Try it
Please return exactly the lines below that run from the line with "མཁས་པ་མང་པོ་པད" through the end of the listing, both included, but not the pictures.
= Beginning of Section =
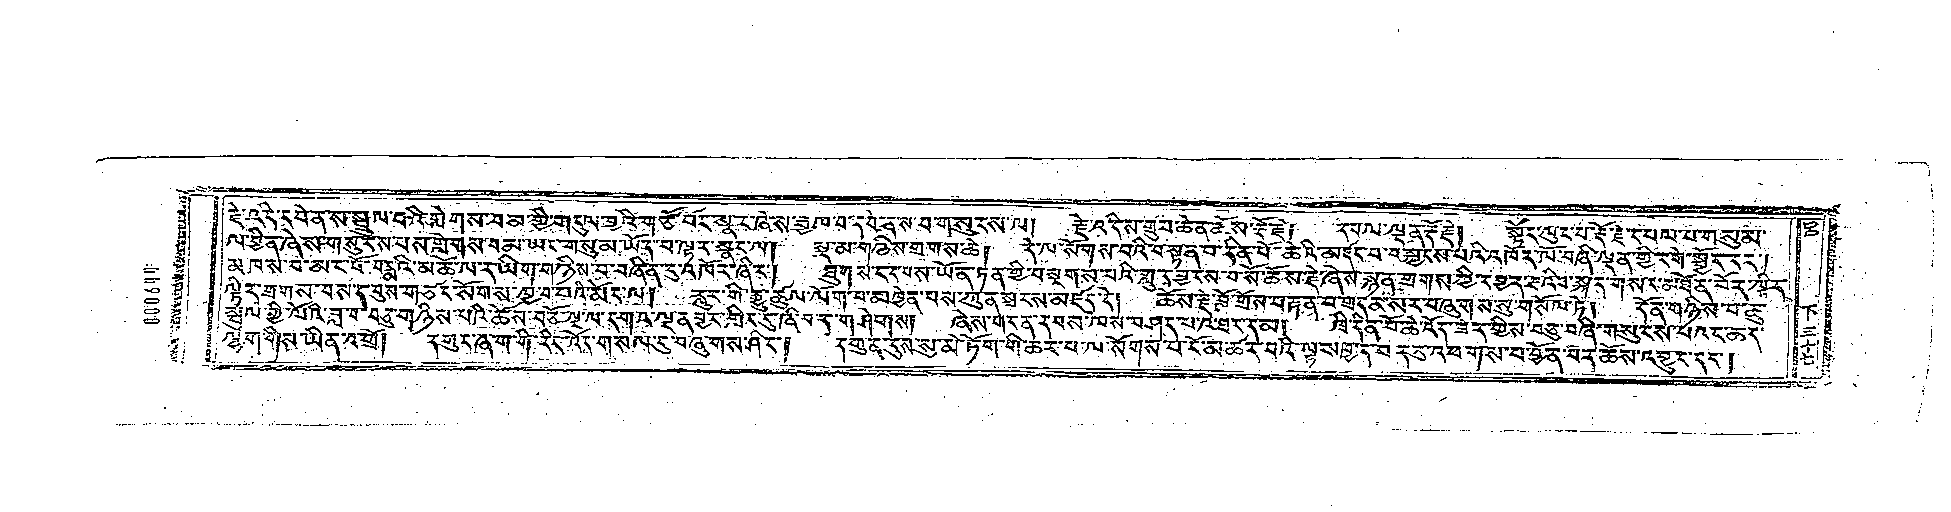རྗེ་འདི་དབེན་ས་སྤྲུལ་བའི་གླེགས་བམ་གྱི་གདུལ་བྱའི་གཙོ་བོར་སྣང་ཞེས་རྒྱལ་བ་དབེན་ས་པ་གསུངས་ལ། རྗེ་འདིས་གྲུབ་ཆེན་ཆོས་རྡོ་རྗེ། དཔལ་ལྡན་རྡོ་རྗེ། སྟོད་ལུང་པ་རྡོ་རྗེ་དཔལ་པ་གསུམ་
ལ་བྱིན་ཞེས་གསུངས་པས་གླེགས་བམ་ཡང་གསུམ་ཡོད་པ་ལྟར་སྣང་ལ། སྡ་མ་གཉིས་གྲགས་ཆེ། དེ་ལ་སོགས་པའི་བསྟན་པ་རིན་པོ་ཆེའི་མཛད་པ་བསྐྱངས་པའི་འཁོར་ལོ་བཞི་ལྡན་གྱི་དགེ་སྦྱོང་དང་།
མཁས་པ་མང་པོ་པདམའི་མཚོ་ལ་ར་ཡིག་གཉིས་པ་བཞིན་དུ་འཁོར་ཞིང་། ཐུགས་དང་པས་ཡོན་ཏན་གྱི་བསྔགས་པའི་གླུ་དབྱངས་བ་སོ་ཆོས་རྗེ་ཞེས་སྙན་གྲགས་ཀྱི་དབྱར་རྔའི་བ་སྐད་གསང་མཐོན་པོར་ལྡིར་
ལྟིར་གྲགས་བས་དབུས་གཙང་སོགས་ཁྱབ་བའི་མོད་ལ། རླུང་གི་རྒྱུ་ཚུལ་ལོག་པ་མཁྱེན་པས་ཀུན་སྤངས་མཛད་དེ། ཆོས་རྗེ་བློ་གྲོས་བརྟན་བ་གདན་སར་བཞུགས་སུ་གསོལ་ཏེ། དོན་གཉིས་པ་ཆུ་
སྦྲུལ་གྱི་ལོའི་ཟླ་བ་བཅུ་གཉིས་པའི་ཚེས་བཅོ་ལྔ་ལ་དགའ་ལྡན་བྱང་གླིང་དུ་ཞི་བར་གཤེགས། ཞེས་གདན་རབས་ལས་བཤད་པ་འཐང་དམ། ཁྲི་རིན་པོ་ཆེ་འོད་ཟེར་གྱིས་བཅུ་བཞི་གསུངས་པའང་ཆད་
ལྷག་གིས་ཡིན་འགྲོ། དགུང་ཞག་གི་རིང་འོད་གསལ་དུ་བཞུགས་ཤིང་། དགུན་དུས་སུ་མེ་ཏོག་གི་ཆར་པ་ལ་སོགས་པ་ངོ་མ་ཚར་བའི་ལྟས་ཁྱད་བར་དུ་འཕགས་པ་བྱོན་པར་ཆོས་འབྱུང་དང་།
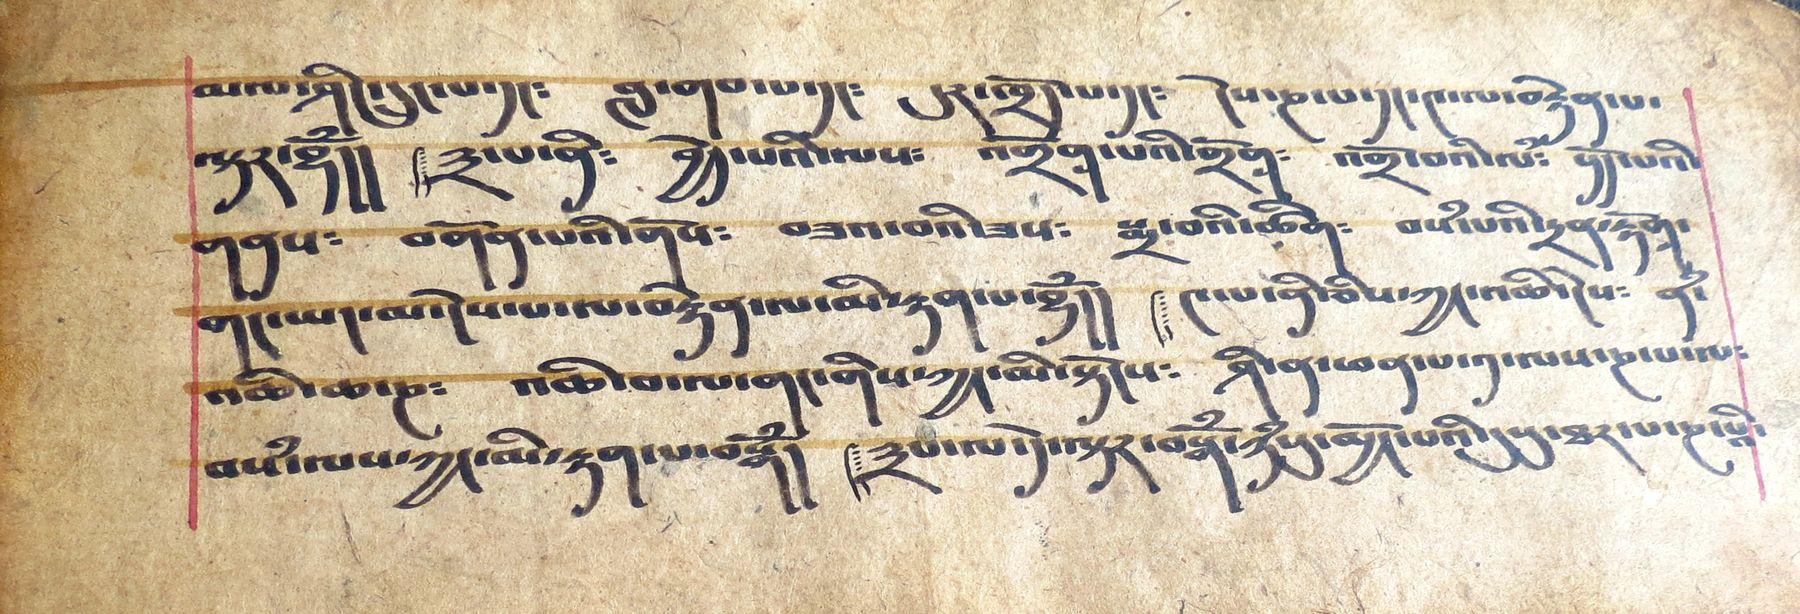མལ་ཤིང་དྲུང་པ་དང་། བླ་ཁེབས་པ་དང་། དུར་ཁྲོད་པ་དང་ངེས་པ་དང་བཞི་ལ་བརྟེན་པ་
ལྟར་སྒོམ། གསུམ་པ་༼སྤྱོད་ལམ་ལ་བརྟེན་པ༽ནི། བྱེད་པའི་ལས། འགྲོགས་པའི་གྲོགས། འགྲོ་བའི་ལམ། སྡོད་པའི་
གནས། གོན་པའི་གོས། བཟའ་བའི་ཟས། སྨྲ་བའི་ཚིག བསམ་པའི་དྲན་རྟོག 
གང་ཡང་མ་ངེས་པ་ལ་བརྟེན་ནས་མི་རྟག་པ་བསྒོམ། བཞི་པ་༼སྣ་ཚོགས་ལ་བསྟེན་པ༽ནི་ཅིས་ཀྱང་འཆི་ངེས། ནམ་
འཆི་ཆ་མེད། འཆི་བ་ལ་གང་གིས་ཀྱང་མི་སྡོང་། ཤི་ན་ཕན་པ་གཅིག་ཀྱང་མེད་པ་ལ་
བསམ་ནས་ཀྱང་མི་རྟག་པ་སྒོམ། གསུམ་པ་ལ་དེ་ལྟར་སྒོམ་པས། ཉམས་སུ་མྱོང་བའི་དུས་སུ། ཐར་པ་མེད་པའི་
= End of Section =
Reply
མཁས་པ་མང་པོ་པདམའི་མཚོ་ལ་ར་ཡིག་གཉིས་པ་བཞིན་དུ་འཁོར་ཞིང་། ཐུགས་དང་པས་ཡོན་ཏན་གྱི་བསྔགས་པའི་གླུ་དབྱངས་བ་སོ་ཆོས་རྗེ་ཞེས་སྙན་གྲགས་ཀྱི་དབྱར་རྔའི་བ་སྐད་གསང་མཐོན་པོར་ལྡིར་
ལྟིར་གྲགས་བས་དབུས་གཙང་སོགས་ཁྱབ་བའི་མོད་ལ། རླུང་གི་རྒྱུ་ཚུལ་ལོག་པ་མཁྱེན་པས་ཀུན་སྤངས་མཛད་དེ། ཆོས་རྗེ་བློ་གྲོས་བརྟན་བ་གདན་སར་བཞུགས་སུ་གསོལ་ཏེ། དོན་གཉིས་པ་ཆུ་
སྦྲུལ་གྱི་ལོའི་ཟླ་བ་བཅུ་གཉིས་པའི་ཚེས་བཅོ་ལྔ་ལ་དགའ་ལྡན་བྱང་གླིང་དུ་ཞི་བར་གཤེགས། ཞེས་གདན་རབས་ལས་བཤད་པ་འཐང་དམ། ཁྲི་རིན་པོ་ཆེ་འོད་ཟེར་གྱིས་བཅུ་བཞི་གསུངས་པའང་ཆད་
ལྷག་གིས་ཡིན་འགྲོ། དགུང་ཞག་གི་རིང་འོད་གསལ་དུ་བཞུགས་ཤིང་། དགུན་དུས་སུ་མེ་ཏོག་གི་ཆར་པ་ལ་སོགས་པ་ངོ་མ་ཚར་བའི་ལྟས་ཁྱད་བར་དུ་འཕགས་པ་བྱོན་པར་ཆོས་འབྱུང་དང་།
མལ་ཤིང་དྲུང་པ་དང་། བླ་ཁེབས་པ་དང་། དུར་ཁྲོད་པ་དང་ངེས་པ་དང་བཞི་ལ་བརྟེན་པ་
ལྟར་སྒོམ། གསུམ་པ་༼སྤྱོད་ལམ་ལ་བརྟེན་པ༽ནི། བྱེད་པའི་ལས། འགྲོགས་པའི་གྲོགས། འགྲོ་བའི་ལམ། སྡོད་པའི་
གནས། གོན་པའི་གོས། བཟའ་བའི་ཟས། སྨྲ་བའི་ཚིག བསམ་པའི་དྲན་རྟོག 
གང་ཡང་མ་ངེས་པ་ལ་བརྟེན་ནས་མི་རྟག་པ་བསྒོམ། བཞི་པ་༼སྣ་ཚོགས་ལ་བསྟེན་པ༽ནི་ཅིས་ཀྱང་འཆི་ངེས། ནམ་
འཆི་ཆ་མེད། འཆི་བ་ལ་གང་གིས་ཀྱང་མི་སྡོང་། ཤི་ན་ཕན་པ་གཅིག་ཀྱང་མེད་པ་ལ་
བསམ་ནས་ཀྱང་མི་རྟག་པ་སྒོམ། གསུམ་པ་ལ་དེ་ལྟར་སྒོམ་པས། ཉམས་སུ་མྱོང་བའི་དུས་སུ། ཐར་པ་མེད་པའི་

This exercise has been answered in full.